Business

Kenya calls for input on tax policies

Friday, July 15th, 2022 08:00 | By

The National Treasury has called on businesses and individuals to have their say on a policy document that will inform how taxes should be restructured in the country.

In a policy paper which requested views on the revision of Kenya’s revenue system, the finance office noted that it wants to understand how present policy measures shape investment decisions by businesses.

The national tax policy seeks to expand the tax base to boost fairness and equity in the tax system as well as embrace the international best practice in tax administration.

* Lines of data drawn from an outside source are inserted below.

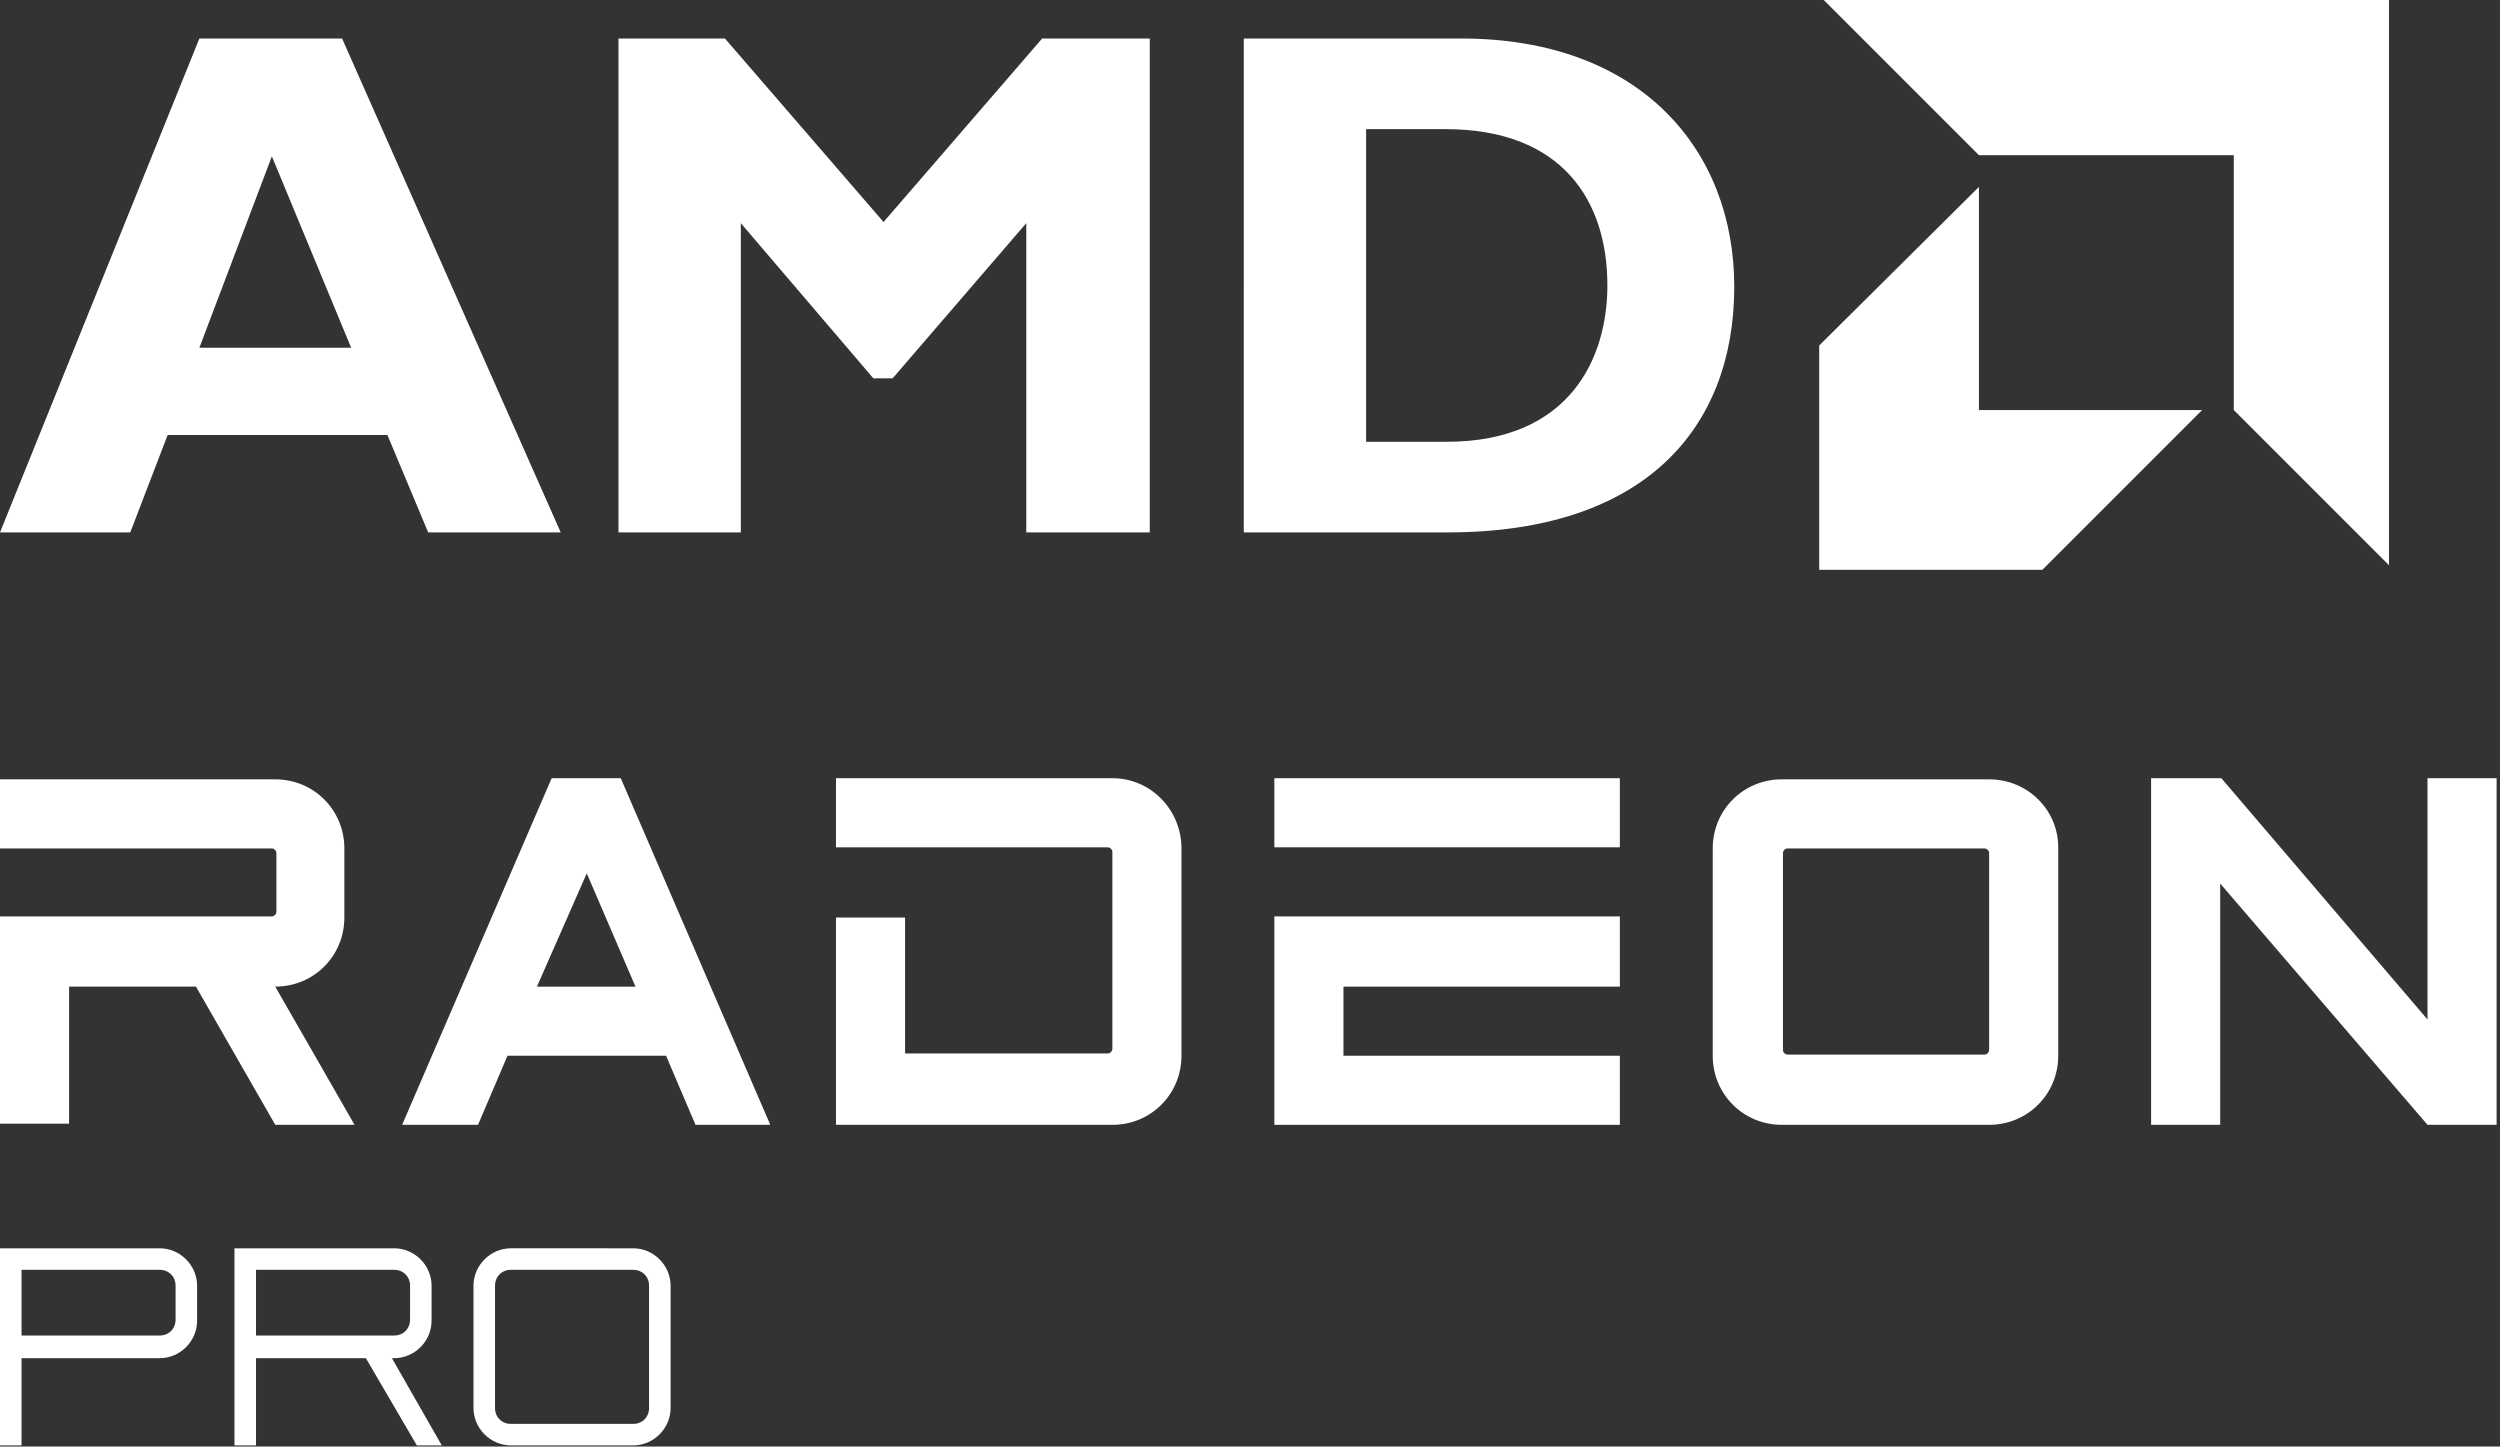 <?xml version="1.0" encoding="utf-8"?>
<!-- Generator: Adobe Illustrator 27.8.1, SVG Export Plug-In . SVG Version: 6.00 Build 0)  -->
<svg version="1.1" id="Layer_1" xmlns="http://www.w3.org/2000/svg" xmlns:xlink="http://www.w3.org/1999/xlink" x="0px" y="0px"
	 viewBox="0 0 220.7 127.7" style="enable-background:new 0 0 220.7 127.7;" xml:space="preserve">
<rect x="0" y="0" width="220.7" height="127.7" fill="#333333" stroke="none"/>
<style type="text/css">
	.st0{fill:#FFFFFF;}
</style>
<g>
	<g>
		<g>
			<g>
				<g id="XMLID_00000054261887759305762340000007786802640635064252_">
					<g id="XMLID_00000144295652206692179930000000313640730864342658_">
						<path id="XMLID_00000120553588260841402290000008779108645429090987_" class="st0" d="M49.5,47H37.8l-3.6-8.6H14.8L11.5,47H0
							L17.6,3.4h12.6L49.5,47z M24,13.8l-6.4,16.9h13.4L24,13.8z"/>
						<path id="XMLID_00000115492367008569876380000004417320222775751082_" class="st0" d="M92,3.4h9.5V47H90.6V19.7L78.8,33.4
							h-1.7L65.4,19.7V47H54.6V3.4H64l14,16.2L92,3.4z"/>
						<path id="XMLID_00000101813185561532026090000000424301970855041928_" class="st0" d="M129,3.4c15.9,0,24.1,9.9,24.1,21.9
							c0,12.5-7.9,21.7-25.3,21.7h-18V3.4H129z M120.6,39h7.1c10.9,0,14.2-7.4,14.2-13.8c0-7.5-4-13.8-14.3-13.8h-7
							C120.6,11.4,120.6,39,120.6,39z"/>
					</g>
					<g id="XMLID_00000049213571062428060240000015974422439474722947_">
						<polygon id="XMLID_00000100380264204424614640000000992330976355342248_" class="st0" points="197.2,13.7 174.7,13.7 161,0 
							210.9,0 210.9,49.9 197.2,36.2 						"/>
						<polygon id="XMLID_00000149384356619154414800000012971396637224134036_" class="st0" points="174.7,36.2 174.7,16.5 
							160.6,30.5 160.6,50.3 180.3,50.3 194.4,36.2 						"/>
					</g>
				</g>
			</g>
		</g>
		<g>
			<polygon class="st0" points="214.3,68.7 214.3,90 196.1,68.7 189.9,68.7 189.9,99.3 196,99.3 196,78 214.3,99.3 220.4,99.3 
				220.4,68.7 			"/>
			<path class="st0" d="M98.2,68.7H73.8v6.1h24c0.2,0,0.4,0.2,0.4,0.4v17.4c0,0.2-0.2,0.4-0.4,0.4H79.9V81h-6.1v18.3h24.4
				c3.4,0,6.1-2.7,6.1-6.1V74.9C104.3,71.5,101.6,68.7,98.2,68.7z"/>
			<g>
				<path class="st0" d="M44.8,93.2h14l2.6,6.1h6.6L54.8,68.7h-6.1L35.5,99.3h6.7L44.8,93.2z M51.8,77.1l4.3,10h-8.7L51.8,77.1z"/>
			</g>
			<g>
				<path class="st0" d="M175.6,68.8h-18.3c-3.4,0-6.1,2.7-6.1,6.1v18.3c0,3.4,2.7,6.1,6.1,6.1h18.3c3.4,0,6.1-2.7,6.1-6.1V74.8
					C181.7,71.5,179,68.8,175.6,68.8z M175.6,92.7c0,0.2-0.2,0.4-0.4,0.4h-17.4c-0.2,0-0.4-0.2-0.4-0.4V75.3c0-0.2,0.2-0.4,0.4-0.4
					h17.4c0.2,0,0.4,0.2,0.4,0.4V92.7z"/>
			</g>
			<g>
				<rect x="112.5" y="68.7" class="st0" width="30.5" height="6.1"/>
				<g>
					<polygon class="st0" points="112.5,80.9 112.5,99.3 143,99.3 143,93.2 118.6,93.2 118.6,87.1 143,87.1 143,80.9 					"/>
				</g>
			</g>
			<g>
				<path class="st0" d="M6.1,87.1h11.2l7,12.2h7l-7-12.2l0,0c3.4,0,6.1-2.7,6.1-6.1v-6.1c0-3.4-2.7-6.1-6.1-6.1H0v6.1h24
					c0.2,0,0.4,0.2,0.4,0.4v5.2c0,0.2-0.2,0.4-0.4,0.4H0v18.3h6.1V87.1z"/>
			</g>
		</g>
	</g>
	<g>
		<g>
			<path class="st0" d="M1.9,119.9v7.7H0v-17.4h14.1c1.8,0,3.3,1.5,3.3,3.3v3.1c0,1.8-1.5,3.3-3.3,3.3L1.9,119.9L1.9,119.9z
				 M1.9,112.1v5.8h12.2c0.8,0,1.4-0.6,1.4-1.4v-3c0-0.8-0.6-1.4-1.4-1.4H1.9z"/>
			<path class="st0" d="M39,127.6h-2.2l-4.5-7.7h-9.7v7.7h-1.9v-17.4h14.1c1.8,0,3.3,1.5,3.3,3.3v3.1c0,1.8-1.5,3.3-3.3,3.3h-0.2
				L39,127.6z M22.6,112.1v5.8h12.2c0.8,0,1.4-0.6,1.4-1.4v-3c0-0.8-0.6-1.4-1.4-1.4H22.6z"/>
			<path class="st0" d="M55.9,110.2c1.8,0,3.3,1.5,3.3,3.3v10.8c0,1.8-1.5,3.3-3.3,3.3H45.1c-1.8,0-3.3-1.5-3.3-3.3v-10.8
				c0-1.8,1.5-3.3,3.3-3.3H55.9z M57.3,113.5c0-0.8-0.6-1.4-1.4-1.4H45.1c-0.8,0-1.4,0.6-1.4,1.4v10.8c0,0.8,0.6,1.4,1.4,1.4h10.8
				c0.8,0,1.4-0.6,1.4-1.4V113.5z"/>
		</g>
	</g>
</g>
</svg>

Further, the draft policy is also meant to create a semblance of certainty and predictability of the tax regime, enhance tax compliance, and reduce tax expenditure.

Unpredictable taxes

“This National Tax Policy provides policy recommendations to address the challenges currently facing the taxation regime in the country such as huge informal sector that is hard to tax, the unpredictability of tax policies, huge tax expenditure poor compliance among others,” noted Treasury CS Ukur Yatani in a statement that advised views must be submitted by August 5.

This even as changes in taxes on smartphones and SIM cards are set to hurt Kenyans as the Finance Act 2022 was signed by President Uhuru Kenyatta in June. The move has seen players like mobile operator Safaricom start the implementation of Sh50 excise duty on SIM cards and a 10 per cent excise tax on imported phones as part of the move.

Challenges

“Effective today, Safaricom will be reviewing their SIM card pricing to Sh50 + Sh50 airtime first top up to include the excise tax. Phone prices will be adjusted to include the 10 per cent excise tax and 25 per cent import duty as existing stock levels are replaced with new stock on which the new taxes apply,” reads in part Safaricom’s notice to its consumers.

The country’s tax system notoriously continues to suffer numerous challenges leading to underperformance in revenue collection with Kenyans painstakingly the most taxed.

Kenya ranked third after South Africa and Swaziland as top African countries where individuals pay more tax than profit taxes from corporations, according to a report by Organisation for Economic Co-operation and Development (OECD).